### WHAT YOU ARE ASKED TO DO
What is needed is an exact reproduction of the listing, without its pictures.

..........

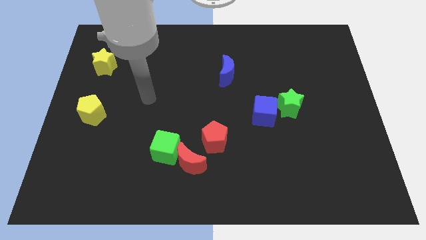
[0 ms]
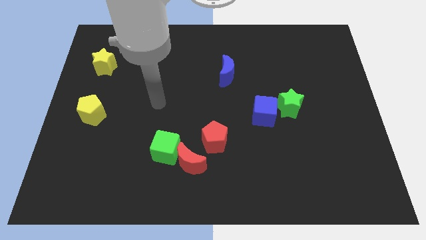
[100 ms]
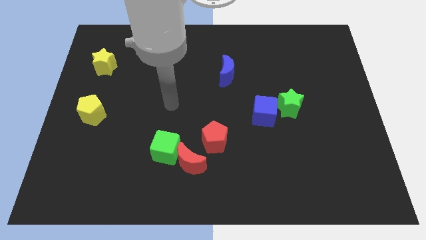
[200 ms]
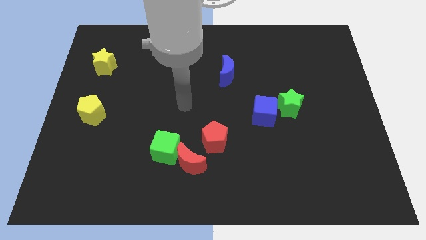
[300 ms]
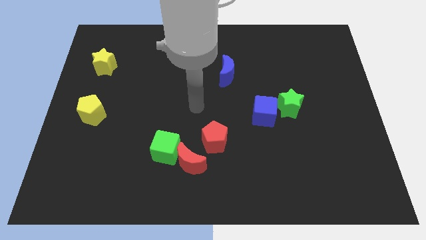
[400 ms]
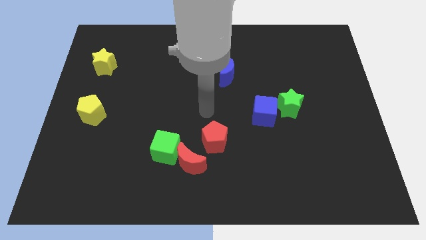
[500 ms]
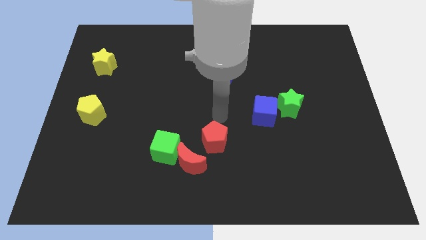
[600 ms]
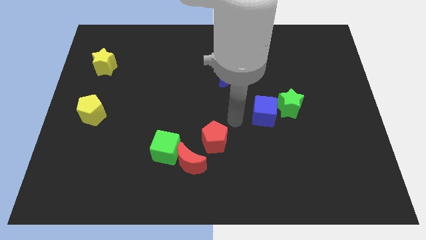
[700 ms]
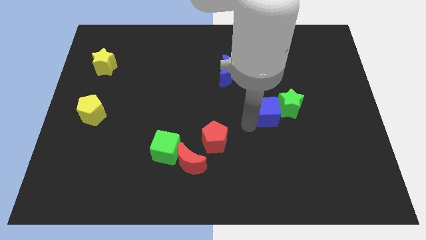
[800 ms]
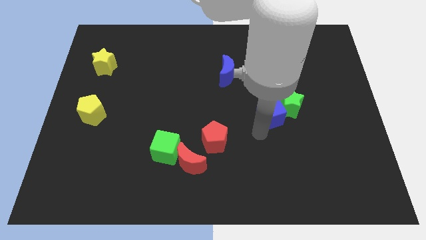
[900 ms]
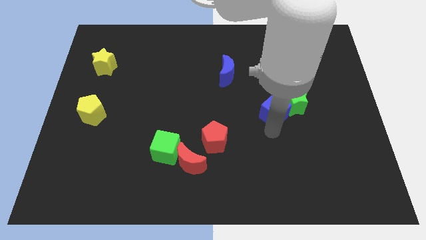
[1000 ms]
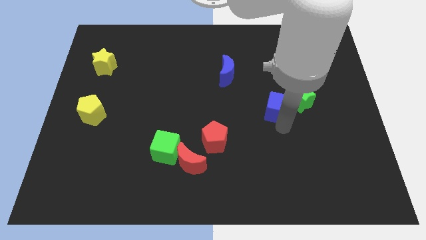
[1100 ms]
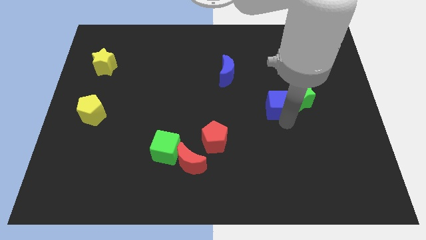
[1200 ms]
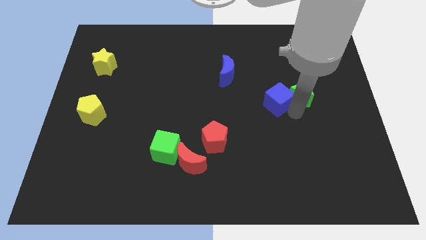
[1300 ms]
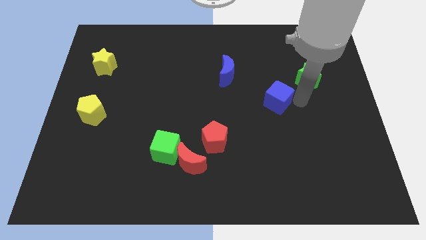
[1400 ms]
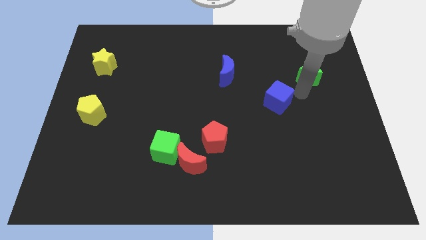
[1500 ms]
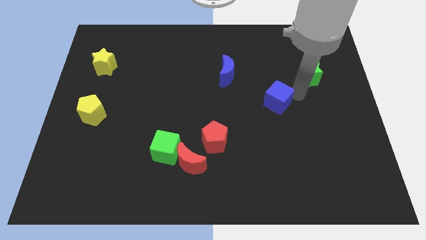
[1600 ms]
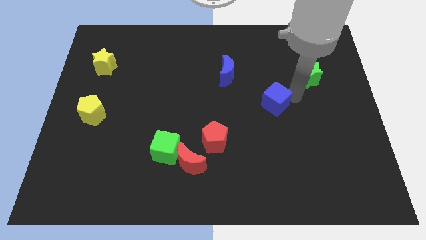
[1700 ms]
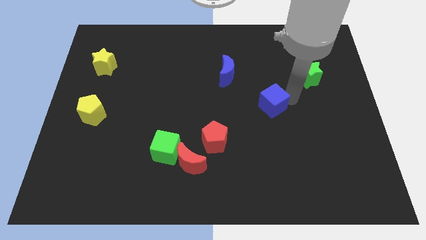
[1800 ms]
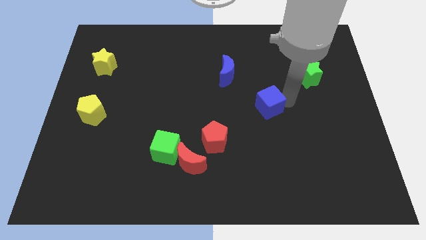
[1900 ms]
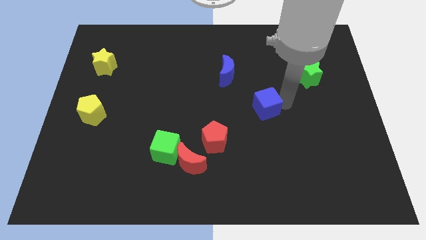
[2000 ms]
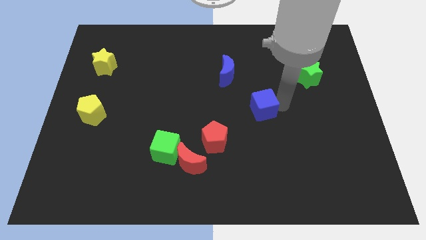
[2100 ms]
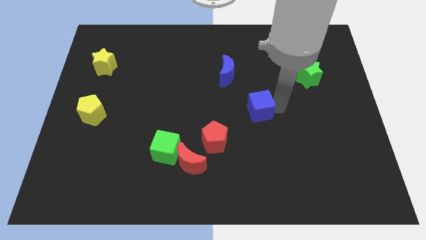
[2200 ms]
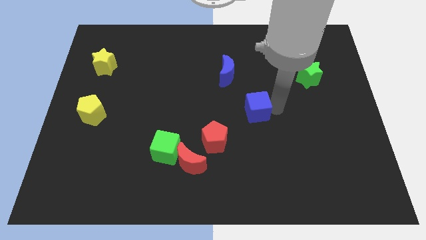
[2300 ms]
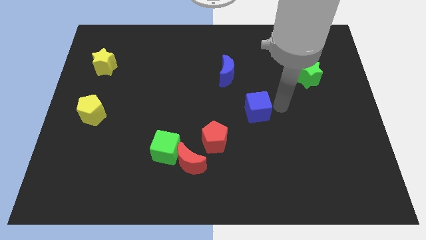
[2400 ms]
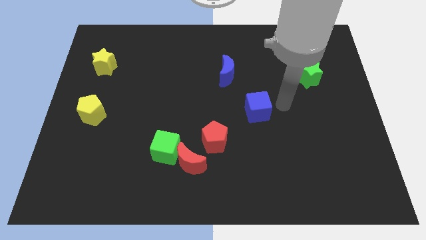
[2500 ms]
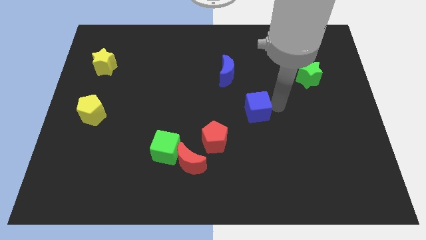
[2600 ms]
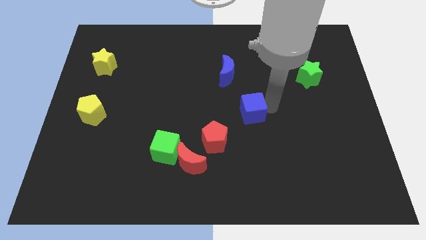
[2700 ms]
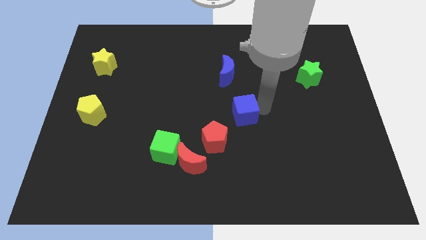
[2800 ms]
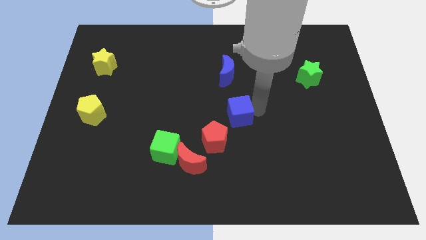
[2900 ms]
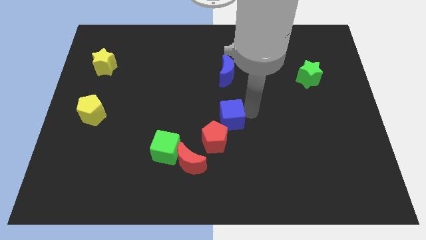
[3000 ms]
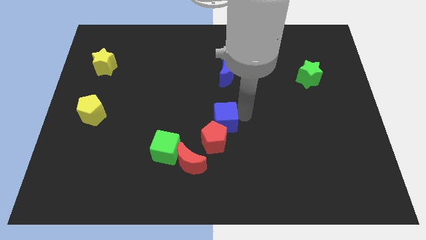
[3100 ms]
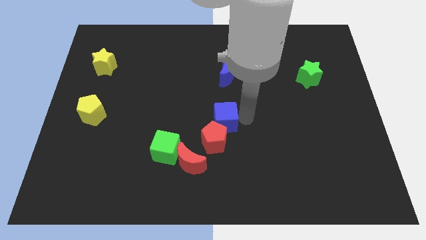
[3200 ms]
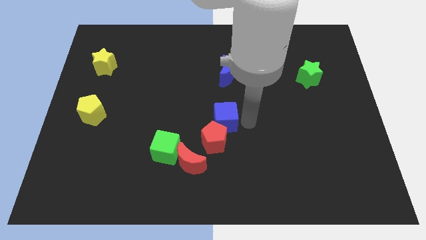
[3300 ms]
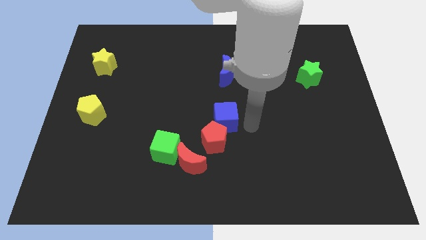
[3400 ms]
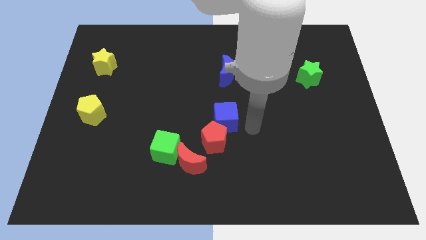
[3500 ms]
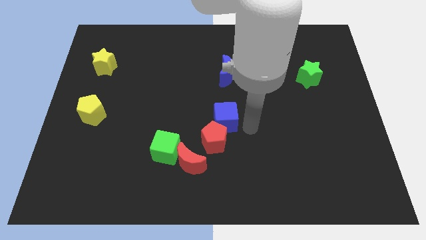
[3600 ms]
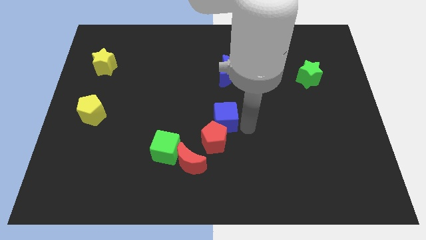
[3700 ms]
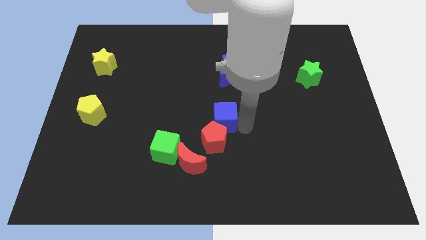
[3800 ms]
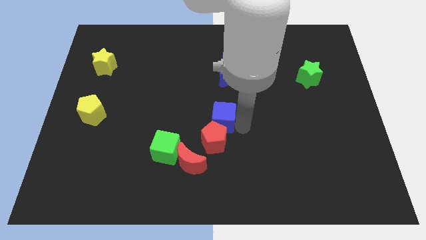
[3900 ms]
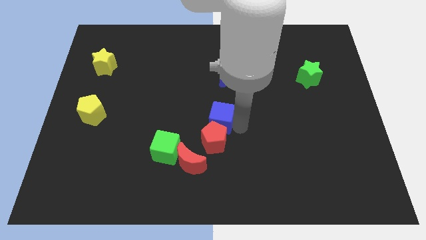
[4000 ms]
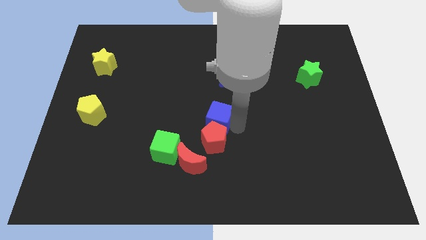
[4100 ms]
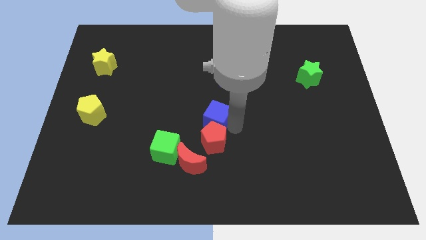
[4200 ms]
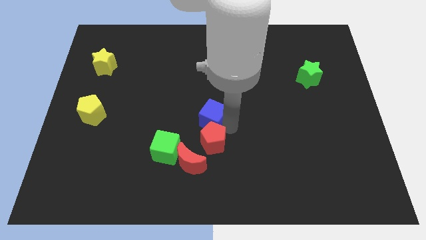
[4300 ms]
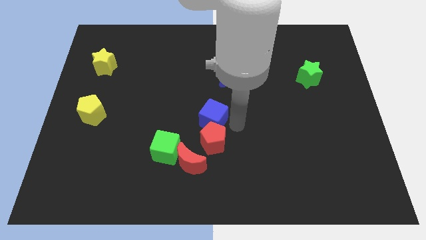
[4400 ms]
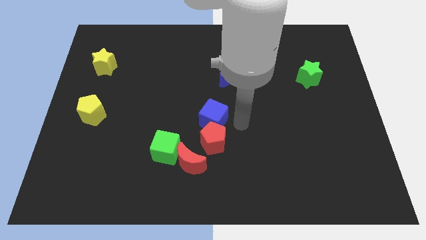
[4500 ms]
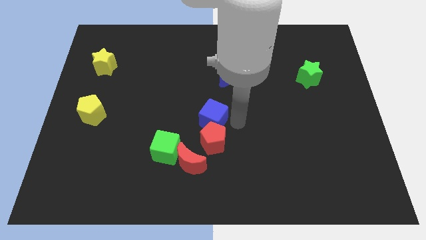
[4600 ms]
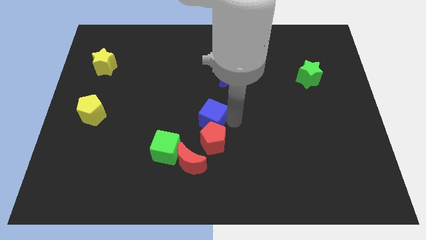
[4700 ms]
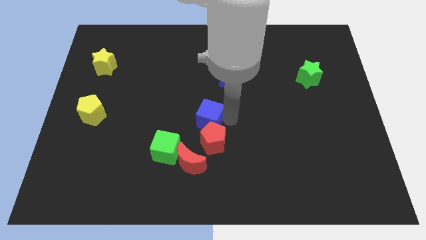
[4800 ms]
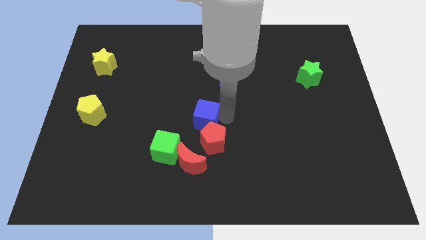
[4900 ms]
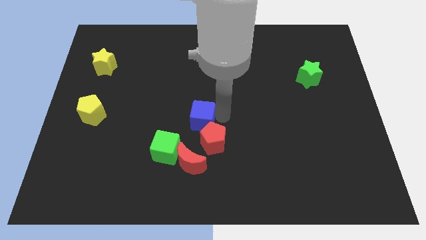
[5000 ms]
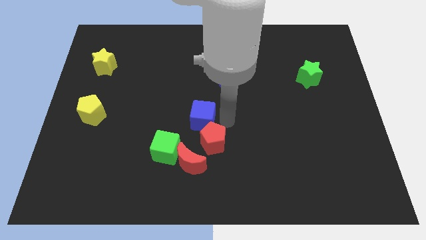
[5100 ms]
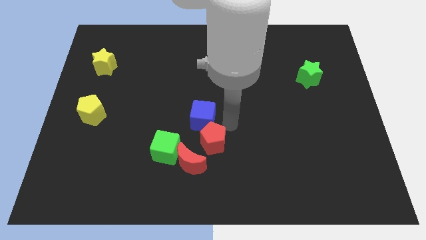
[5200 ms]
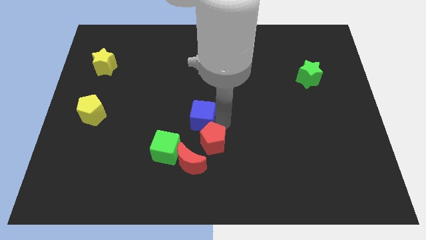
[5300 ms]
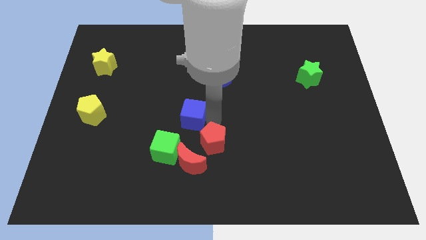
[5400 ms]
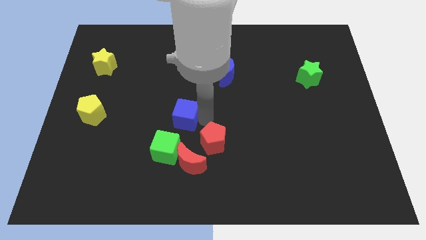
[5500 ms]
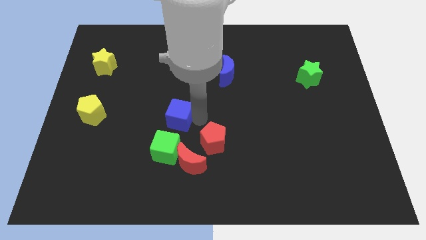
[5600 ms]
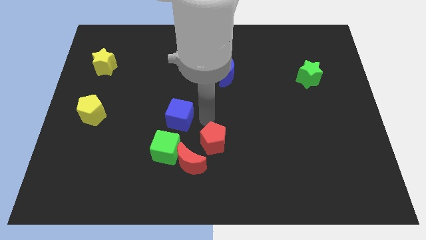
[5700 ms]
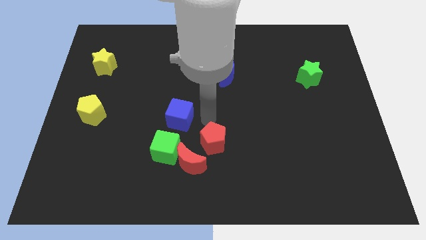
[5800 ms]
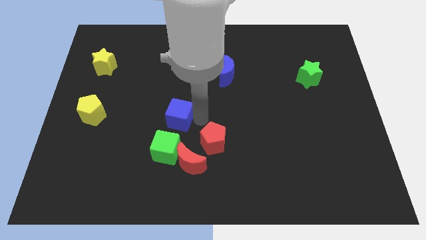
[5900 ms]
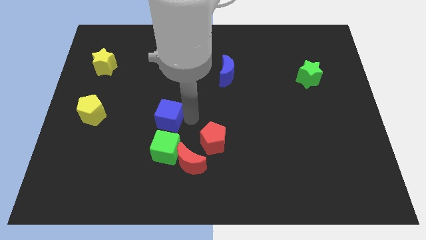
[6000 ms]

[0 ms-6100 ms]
slide the blue cube left

..........

### EXERCISE RESPONSE
[0 ms]
[100 ms]
[200 ms]
[300 ms]
[400 ms]
[500 ms]
[600 ms]
[700 ms]
[800 ms]
[900 ms]
[1000 ms]
[1100 ms]
[1200 ms]
[1300 ms]
[1400 ms]
[1500 ms]
[1600 ms]
[1700 ms]
[1800 ms]
[1900 ms]
[2000 ms]
[2100 ms]
[2200 ms]
[2300 ms]
[2400 ms]
[2500 ms]
[2600 ms]
[2700 ms]
[2800 ms]
[2900 ms]
[3000 ms]
[3100 ms]
[3200 ms]
[3300 ms]
[3400 ms]
[3500 ms]
[3600 ms]
[3700 ms]
[3800 ms]
[3900 ms]
[4000 ms]
[4100 ms]
[4200 ms]
[4300 ms]
[4400 ms]
[4500 ms]
[4600 ms]
[4700 ms]
[4800 ms]
[4900 ms]
[5000 ms]
[5100 ms]
[5200 ms]
[5300 ms]
[5400 ms]
[5500 ms]
[5600 ms]
[5700 ms]
[5800 ms]
[5900 ms]
[6000 ms]

[0 ms-6100 ms]
slide the blue cube left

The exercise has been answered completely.